Can I use your testing for a substantial equivalence claim?
Yes. We offer equivalency validation — cybersecurity testing specifically designed to support 510(k) substantial equivalence claims. We validate that your device meets the same security posture as the predicate device referenced in your submission and provide a comparative report the FDA expects to see.
What do I need to provide to get started?
Create an engagement on our Thrombus platform, upload your device documentation (architecture diagrams, user manuals), and provide your source code. Then ship the physical device to our lab. The more documentation and source code you provide upfront, the more thorough our testing will be.
Do you provide source code review as part of the pentest?
If you provide source code, we incorporate it into our testing methodology. Source code access allows us to identify vulnerabilities more efficiently and provide more specific remediation guidance with code-level fix suggestions. We handle all source code under strict confidentiality.
What standards and methodologies do you follow?
Our testing methodology draws from IEC 62443 (industrial/medical device cybersecurity), NIST Cybersecurity Framework, STRIDE and TARA for threat modeling, CVSS for vulnerability scoring, and FDA premarket cybersecurity guidance.

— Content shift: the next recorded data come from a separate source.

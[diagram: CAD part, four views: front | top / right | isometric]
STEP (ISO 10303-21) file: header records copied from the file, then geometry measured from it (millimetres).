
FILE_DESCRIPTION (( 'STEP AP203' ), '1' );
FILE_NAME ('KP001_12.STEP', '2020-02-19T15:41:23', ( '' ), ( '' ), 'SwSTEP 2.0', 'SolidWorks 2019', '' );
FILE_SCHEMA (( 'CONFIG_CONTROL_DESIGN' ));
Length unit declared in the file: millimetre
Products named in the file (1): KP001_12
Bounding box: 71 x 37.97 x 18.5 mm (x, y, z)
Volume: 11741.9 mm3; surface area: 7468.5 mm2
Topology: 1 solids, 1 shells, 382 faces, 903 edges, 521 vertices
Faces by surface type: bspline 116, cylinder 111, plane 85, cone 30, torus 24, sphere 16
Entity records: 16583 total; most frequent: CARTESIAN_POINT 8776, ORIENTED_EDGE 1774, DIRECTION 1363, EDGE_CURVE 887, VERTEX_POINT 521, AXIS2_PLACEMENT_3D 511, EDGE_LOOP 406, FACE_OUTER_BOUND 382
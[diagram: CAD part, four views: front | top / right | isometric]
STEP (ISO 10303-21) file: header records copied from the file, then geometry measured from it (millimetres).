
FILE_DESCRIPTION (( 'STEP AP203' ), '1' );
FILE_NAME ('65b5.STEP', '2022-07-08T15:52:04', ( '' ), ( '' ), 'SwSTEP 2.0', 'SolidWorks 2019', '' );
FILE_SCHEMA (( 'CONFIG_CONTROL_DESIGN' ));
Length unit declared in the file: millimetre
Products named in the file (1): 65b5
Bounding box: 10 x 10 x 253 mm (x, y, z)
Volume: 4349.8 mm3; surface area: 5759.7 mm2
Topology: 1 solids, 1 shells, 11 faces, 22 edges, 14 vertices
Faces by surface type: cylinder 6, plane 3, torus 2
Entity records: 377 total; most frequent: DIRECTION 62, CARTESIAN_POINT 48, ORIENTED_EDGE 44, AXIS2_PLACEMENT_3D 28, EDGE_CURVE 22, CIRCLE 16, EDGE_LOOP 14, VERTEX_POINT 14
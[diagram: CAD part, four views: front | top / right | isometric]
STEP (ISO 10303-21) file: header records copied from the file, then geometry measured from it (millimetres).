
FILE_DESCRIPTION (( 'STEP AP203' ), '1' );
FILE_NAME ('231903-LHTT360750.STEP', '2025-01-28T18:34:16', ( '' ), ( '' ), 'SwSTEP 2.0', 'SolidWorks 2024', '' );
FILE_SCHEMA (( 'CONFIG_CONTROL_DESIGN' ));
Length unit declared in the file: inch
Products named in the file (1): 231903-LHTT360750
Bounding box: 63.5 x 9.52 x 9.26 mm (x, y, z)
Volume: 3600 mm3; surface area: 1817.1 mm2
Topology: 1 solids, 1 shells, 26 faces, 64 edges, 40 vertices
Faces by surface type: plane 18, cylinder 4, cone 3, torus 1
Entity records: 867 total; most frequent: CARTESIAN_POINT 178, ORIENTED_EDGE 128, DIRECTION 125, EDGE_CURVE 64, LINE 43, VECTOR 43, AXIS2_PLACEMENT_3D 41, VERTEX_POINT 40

We map all findings to clinical impact, not just technical severity.
What is the re-testing process?
After your engineering team remediates the findings in our report, we re-test the specific vulnerabilities within approximately 1 week. For software-only fixes, we can often complete re-testing with just source code updates — no need to ship the device again. If a hardware component was changed to mitigate an issue, we'll need the updated device back in our lab. One re-test is included free within 60 days of the initial report. Once everything passes, we issue a letter of remediation confirming the fixes — ready to include with your FDA submission.
How is your testing different from a generic penetration testing firm?

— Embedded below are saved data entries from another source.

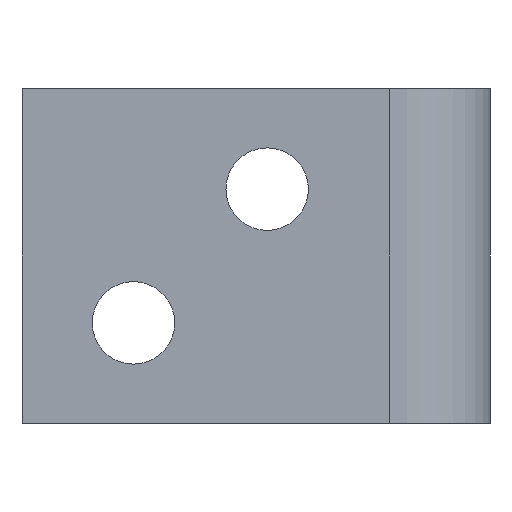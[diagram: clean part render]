
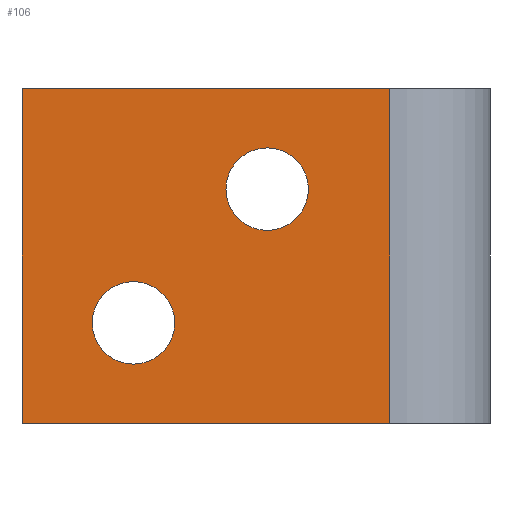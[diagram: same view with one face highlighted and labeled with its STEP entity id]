
A CAD part, front view. The second image highlights one B-rep face of the part: STEP entity #106.
In plain terms, the highlighted planar face has unit normal (0, -1, 0).
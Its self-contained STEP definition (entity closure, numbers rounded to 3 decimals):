
#106 = ADVANCED_FACE( '', ( #187, #188, #189 ), #190, .F. );
#187 = FACE_BOUND( '', #249, .T. );
#188 = FACE_BOUND( '', #250, .T. );
#189 = FACE_OUTER_BOUND( '', #251, .T. );
#190 = PLANE( '', #252 );
#249 = EDGE_LOOP( '', ( #370 ) );
#250 = EDGE_LOOP( '', ( #371 ) );
#251 = EDGE_LOOP( '', ( #372, #373, #374, #375 ) );
#252 = AXIS2_PLACEMENT_3D( '', #376, #377, #378 );
#370 = ORIENTED_EDGE( '', *, *, #426, .F. );
#371 = ORIENTED_EDGE( '', *, *, #413, .F. );
#372 = ORIENTED_EDGE( '', *, *, #424, .T. );
#373 = ORIENTED_EDGE( '', *, *, #396, .F. );
#374 = ORIENTED_EDGE( '', *, *, #422, .F. );
#375 = ORIENTED_EDGE( '', *, *, #382, .T. );
#376 = CARTESIAN_POINT( '', ( 0., 0., 7.5 ) );
#377 = DIRECTION( '', ( 0., 1., 0. ) );
#378 = DIRECTION( '', ( 0., 0., 1. ) );
#382 = EDGE_CURVE( '', #432, #430, #433, .T. );
#396 = EDGE_CURVE( '', #456, #451, #458, .T. );
#413 = EDGE_CURVE( '', #483, #483, #484, .T. );
#422 = EDGE_CURVE( '', #432, #456, #493, .T. );
#424 = EDGE_CURVE( '', #430, #451, #495, .T. );
#426 = EDGE_CURVE( '', #497, #497, #498, .T. );
#430 = VERTEX_POINT( '', #502 );
#432 = VERTEX_POINT( '', #505 );
#433 = LINE( '', #506, #507 );
#451 = VERTEX_POINT( '', #531 );
#456 = VERTEX_POINT( '', #537 );
#458 = LINE( '', #539, #540 );
#483 = VERTEX_POINT( '', #573 );
#484 = CIRCLE( '', #574, 1.85 );
#493 = LINE( '', #585, #586 );
#495 = LINE( '', #588, #589 );
#497 = VERTEX_POINT( '', #591 );
#498 = CIRCLE( '', #592, 1.85 );
#502 = CARTESIAN_POINT( '', ( 0., 0., -7.5 ) );
#505 = CARTESIAN_POINT( '', ( 0., 0., 7.5 ) );
#506 = CARTESIAN_POINT( '', ( 0., 0., 7.5 ) );
#507 = VECTOR( '', #595, 1000. );
#531 = CARTESIAN_POINT( '', ( 16.5, 0., -7.5 ) );
#537 = CARTESIAN_POINT( '', ( 16.5, 0., 7.5 ) );
#539 = CARTESIAN_POINT( '', ( 16.5, 0., 7.5 ) );
#540 = VECTOR( '', #615, 1000. );
#573 = CARTESIAN_POINT( '', ( 5., 0., -4.85 ) );
#574 = AXIS2_PLACEMENT_3D( '', #636, #637, #638 );
#585 = CARTESIAN_POINT( '', ( 0., 0., 7.5 ) );
#586 = VECTOR( '', #647, 1000. );
#588 = CARTESIAN_POINT( '', ( 0., 0., -7.5 ) );
#589 = VECTOR( '', #648, 1000. );
#591 = CARTESIAN_POINT( '', ( 11., 0., 1.15 ) );
#592 = AXIS2_PLACEMENT_3D( '', #649, #650, #651 );
#595 = DIRECTION( '', ( 0., 0., -1. ) );
#615 = DIRECTION( '', ( 0., 0., -1. ) );
#636 = CARTESIAN_POINT( '', ( 5., 0., -3. ) );
#637 = DIRECTION( '', ( 0., -1., 0. ) );
#638 = DIRECTION( '', ( 0., 0., -1. ) );
#647 = DIRECTION( '', ( 1., 0., 0. ) );
#648 = DIRECTION( '', ( 1., 0., 0. ) );
#649 = CARTESIAN_POINT( '', ( 11., 0., 3. ) );
#650 = DIRECTION( '', ( 0., -1., 0. ) );
#651 = DIRECTION( '', ( 0., 0., -1. ) );

Generic pentest firms test web apps and corporate networks. Medical device testing requires a dedicated hardware lab, specialized equipment for firmware extraction and protocol analysis, understanding of clinical context (a buffer overflow in an infusion pump is a patient safety issue, not just a data breach), and reports that map to FDA premarket cybersecurity guidance. We focus exclusively on medical devices — it's all we do.
Do you handle post-market cybersecurity requirements?
We do both premarket and post-market testing. For post-market, we support differential testing — focused only on the parts of the device and software that have changed since the last test, so you're not paying for a full assessment every time you push an update. Or if you prefer, we can do a full reassessment. This is ideal for manufacturers with regular firmware or software release cycles. We also offer discounts for bundled tests when you commit to ongoing testing.
What is Thrombus?
Thrombus is our online pentest management platform at thrombus.io. It's where you create engagements, upload documentation and source code, track testing progress in real-time, review findings, download your FDA-compliant report, and pay. It replaces the back-and-forth emails and opaque timelines of traditional consulting engagements.
Is my data and source code kept confidential?
Yes. All documentation, source code, firmware images, and test results are treated as strictly confidential. Files uploaded to Thrombus are encrypted at rest. We do not share your information with third parties without your written consent, and all engagement terms are governed by the Statement of Work you sign before testing begins.